Save
The save stage provides a convenient way to export data to file. With the filename specified in the stage, the user can just click the "run" button to save, bypassing a file chooser window. It also allows the user to specify options if needed.
Example stage syntax (filename only):
"my file.zsav"
The file extension will determine file format. The following are supported:
- SPSS (.sav)
- Compressed SPSS (.zsav)
- Excel (.xlsx)
- CSV (.csv)
You may include a folder in the path.
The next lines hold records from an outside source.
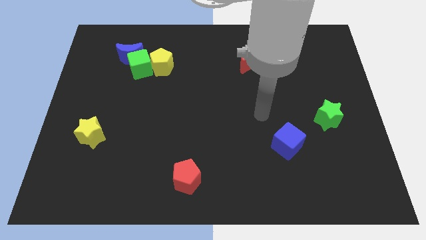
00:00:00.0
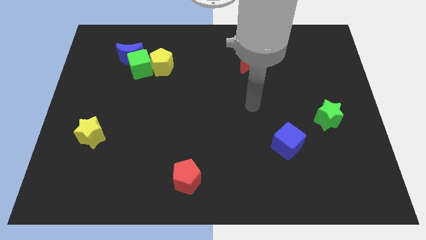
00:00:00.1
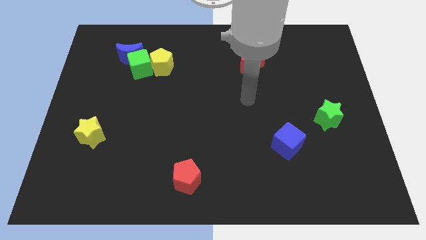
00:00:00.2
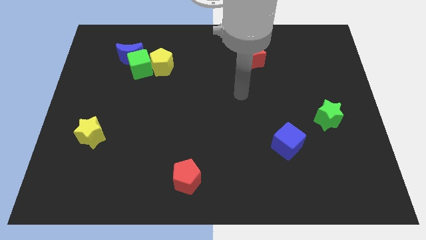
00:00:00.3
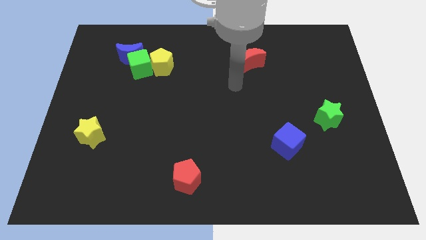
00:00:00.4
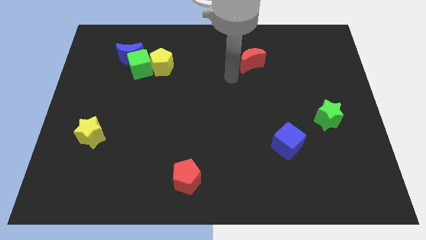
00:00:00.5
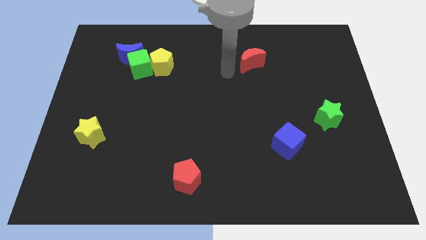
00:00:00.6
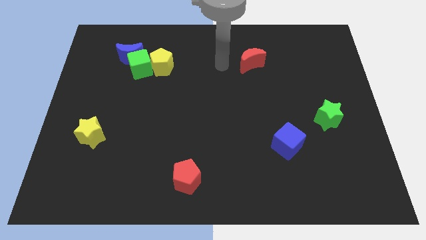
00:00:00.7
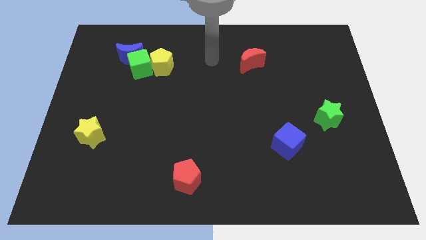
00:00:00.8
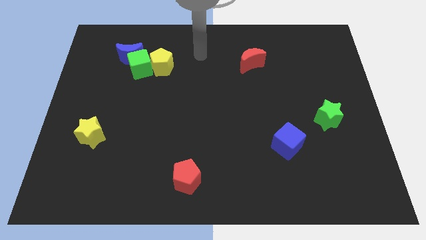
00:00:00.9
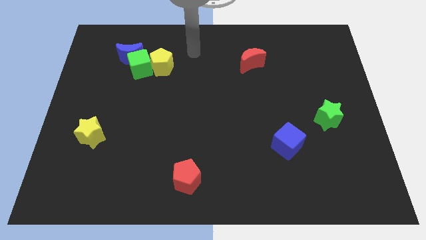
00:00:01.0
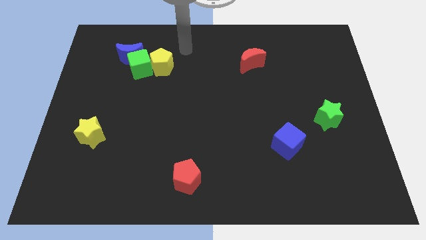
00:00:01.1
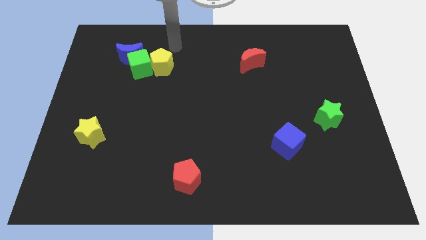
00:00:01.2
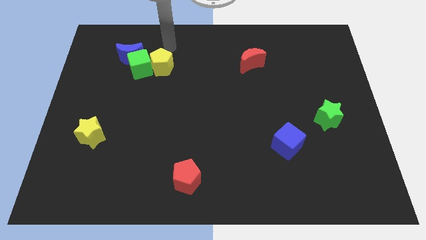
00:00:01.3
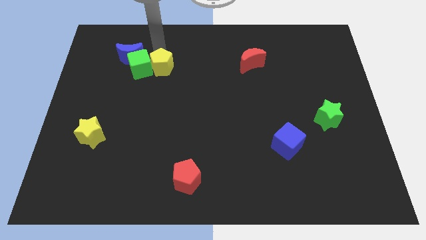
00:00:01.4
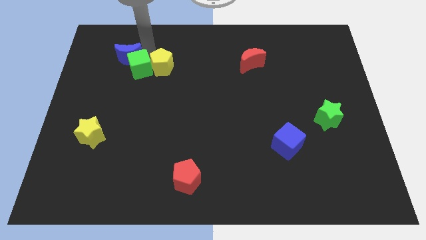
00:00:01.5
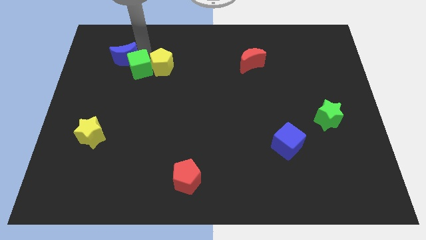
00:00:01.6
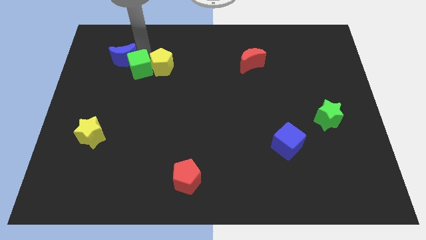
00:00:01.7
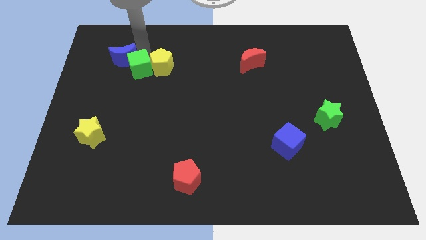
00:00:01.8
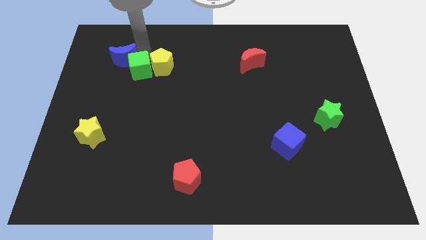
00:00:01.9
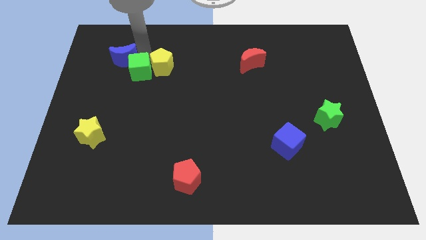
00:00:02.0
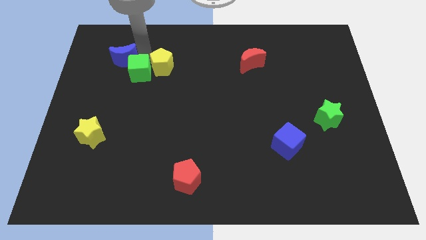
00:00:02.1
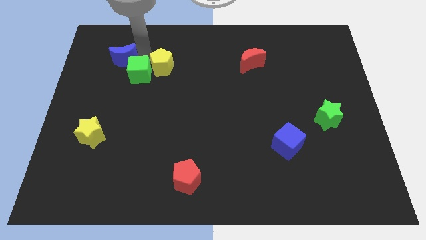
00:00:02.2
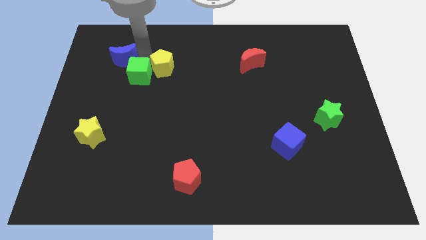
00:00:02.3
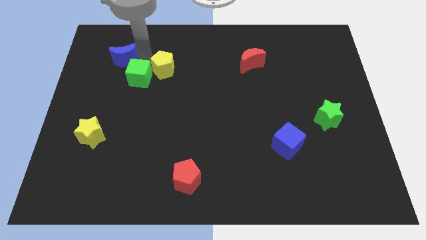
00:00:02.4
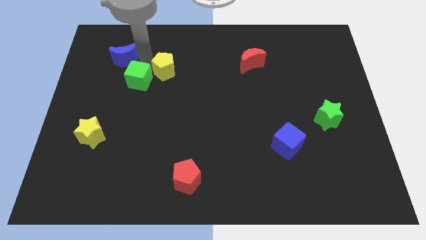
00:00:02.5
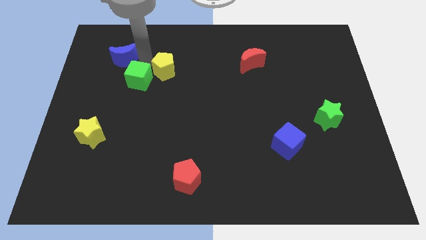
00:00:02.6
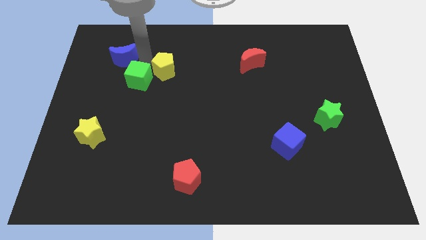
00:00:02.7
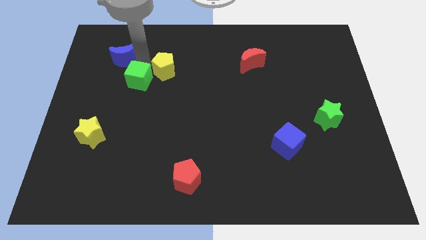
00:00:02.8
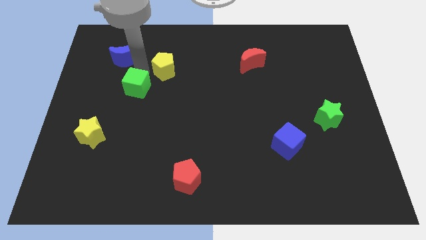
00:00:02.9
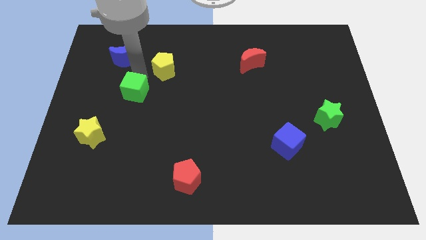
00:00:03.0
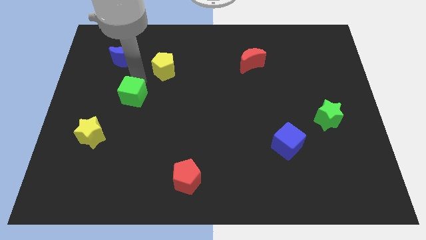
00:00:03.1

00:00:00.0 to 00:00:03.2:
pull the green cube apart from the blue moon and yellow pentagon

But that folder must already exist to avoid error.
"out/myfile.sav" // the folder "out" must already exist
You may declare as an object to provide options:
{
"filename": "my file.xlsx",
"exportValueLabels": true
}
You may declare multiple output files, using an array:
[
"my file.sav",
"my compressed file.zsav",
{
"filename": "my excel file.xlsx",
// options
}
]
To specify files in a cross-platform manner, use relative paths and forward slashes.
If you need to use an absolute path on Windows, remember to escape the backslashes in JSON:
{
// if your OS uses backslashes in file path,
// remember to escape the backslashes in the JSON ("\\").
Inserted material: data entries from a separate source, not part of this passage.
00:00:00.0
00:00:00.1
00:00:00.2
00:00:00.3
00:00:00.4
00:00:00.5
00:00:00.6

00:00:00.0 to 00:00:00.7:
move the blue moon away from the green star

"filename": "D:\\Projects\\ACME\\data\\myfile.zsav"
}
Use absolute path (MacOS/Linux):
{
"filename": "~/Projects/ACME/data/myfile.sav"
}
Suggestion
In long-running data flows, intermediate outputs can be saved between major groups of stages to improve efficiency and flexibility. These staging output files enable selective re-execution of the pipeline, allowing only affected sections to be rerun instead of the entire data flow.
For example, consider a data flow with three sections: (1) merging multiple waves of survey data, (2) unrolling picks, and (3) applying weighting and recoding variables. If each section writes a staging output, changes made to the final section (such as updating a recode) can be executed without recomputing earlier stages.
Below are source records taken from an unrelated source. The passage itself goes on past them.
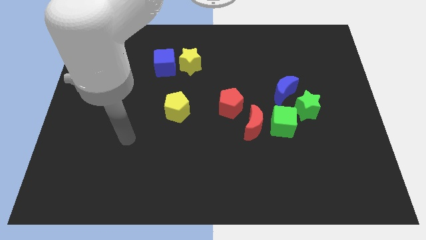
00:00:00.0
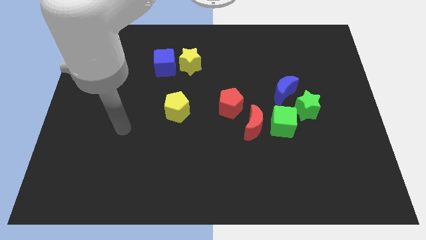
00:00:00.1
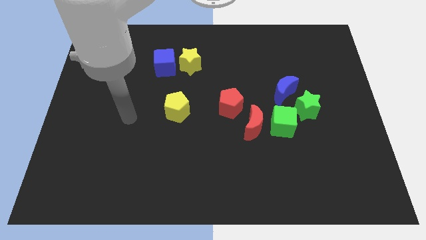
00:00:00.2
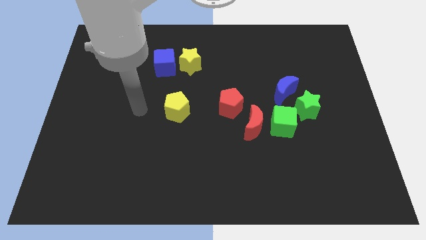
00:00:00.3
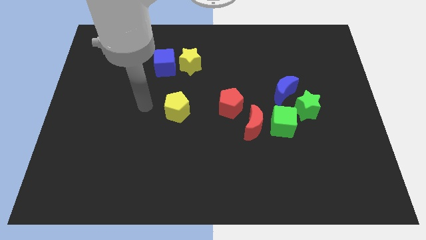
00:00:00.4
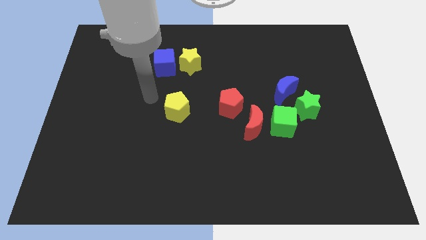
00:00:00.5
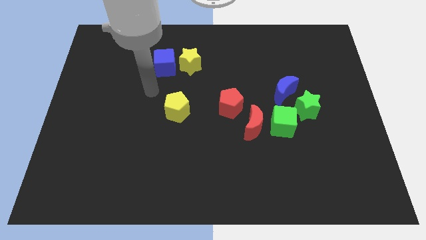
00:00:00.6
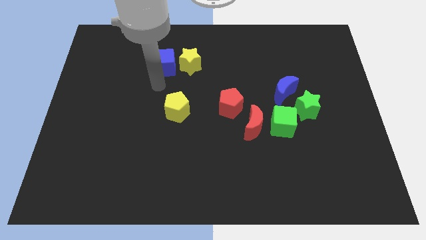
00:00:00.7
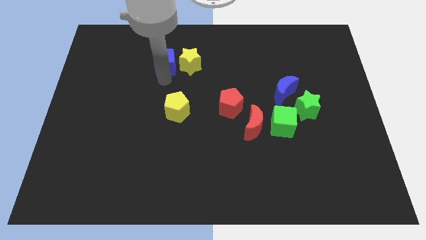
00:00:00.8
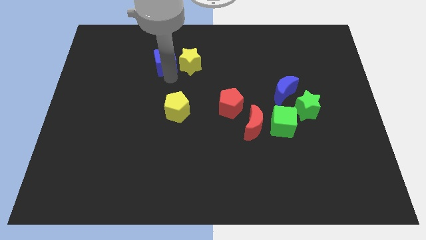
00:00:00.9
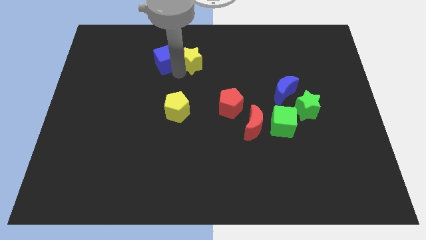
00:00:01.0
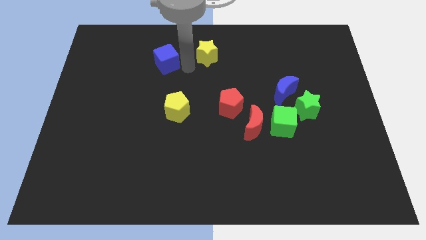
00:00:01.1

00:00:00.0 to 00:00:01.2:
separate the blue cube from the yellow star

To configure staging outputs:
- Add a Save stage immediately after the section you want to persist.
- Specify an output path (for example, "staging/stage1.zsav").
- Create a data source stage that uses the saved file as its input.
- Connect this data source to the subsequent section of the pipeline.
This configuration allows downstream stages to consume previously saved results, reducing execution time and isolating changes to specific parts of the data flow.